OPINION: Helping people like Kurt get jobs helped make ours worthwhile

WITH daily news being what it is, sometimes working for a newspaper can leave you feeling like you are bearing witness to a parade of the world's problems.

However, it also means some days you not only get to see the best of people, but you get to help improve people's lives.

Today is one of those days.

A couple of months ago, The Northern Star took part in the 50 jobs in 30 days campaign, which was specifically aimed at helping people with disabilities find work.

The campaign - backed by the Federal Government along with the Max, Nortec, CRS, Chess and Tursa employment services - was a dazzling success with an impressive 125 people being offered jobs across the course of the campaign.

It was an outstanding effort by all involved and a great result by any standards. That's even truer when you consider that among the people with disabilities searching for work on the Northern Rivers were people such as Tracy Barrell who has won two Paralympic gold medals, but still says finding a job was the hardest thing she's ever had to do.

"People sometimes talk to me like I'm deaf. I say 'I'm missing my legs, not my ears'," she told The Star at the beginning of the campaign.

While the numbers are pleasing, it's the stories of people like Kurt Balzer that really bring home the importance of this campaign.

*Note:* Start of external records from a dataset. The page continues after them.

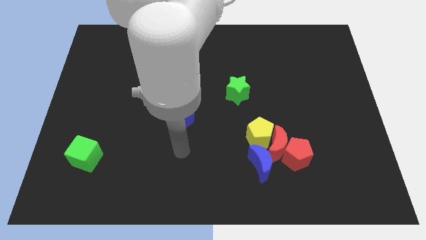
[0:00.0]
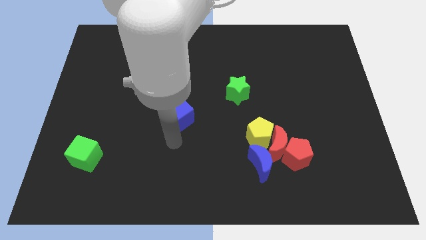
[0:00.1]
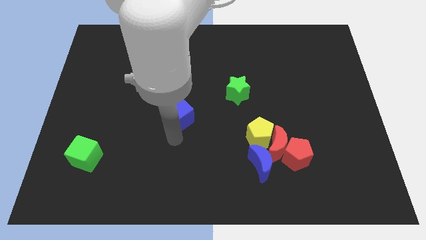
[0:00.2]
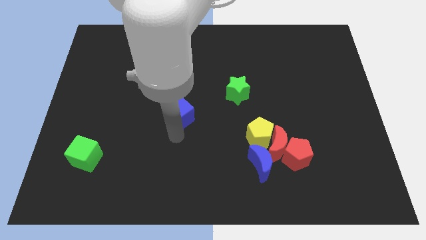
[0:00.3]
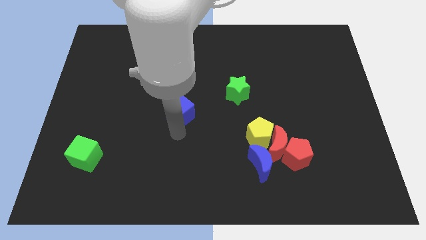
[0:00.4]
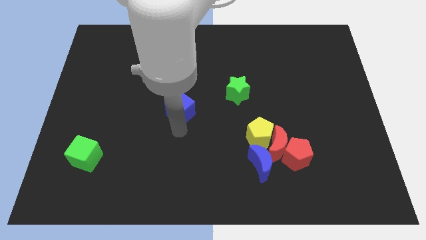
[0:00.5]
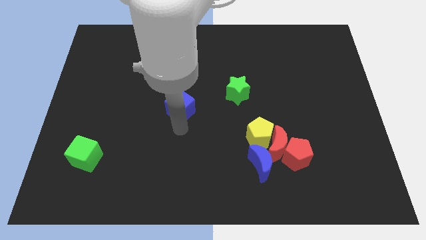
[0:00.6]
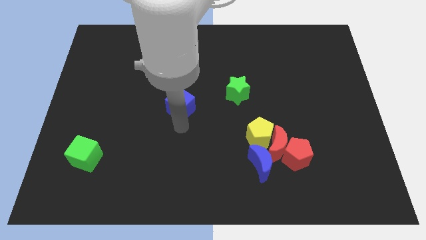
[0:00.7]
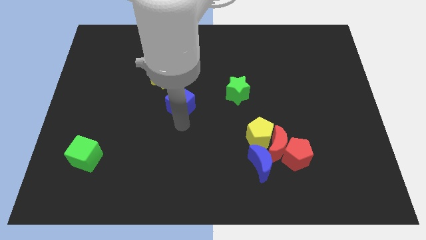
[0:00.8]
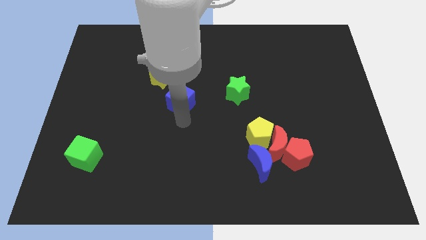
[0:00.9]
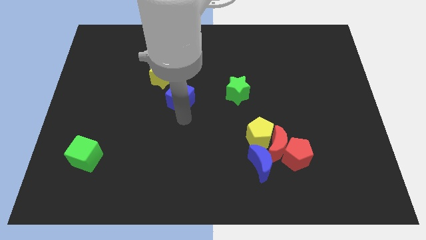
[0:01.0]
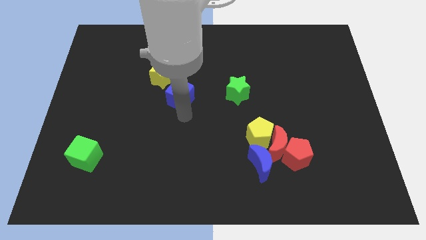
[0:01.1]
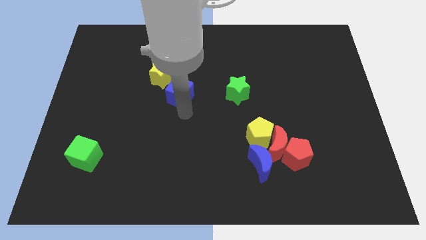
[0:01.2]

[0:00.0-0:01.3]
slide the blue cube a little bit up

Kurt suffers from a rare condition that would stop many in their tracks, but he's taken to his job as a trainee with North Ballina Smash Repairs with energy and enthusiasm, earning him the admiration of his employer while improving his own quality of life.

Frankly, if Kurt had been the only person to get a job out of that campaign, it would still have been worthwhile. Instead there are 125 Kurts out there, for whom the world is a slightly better place.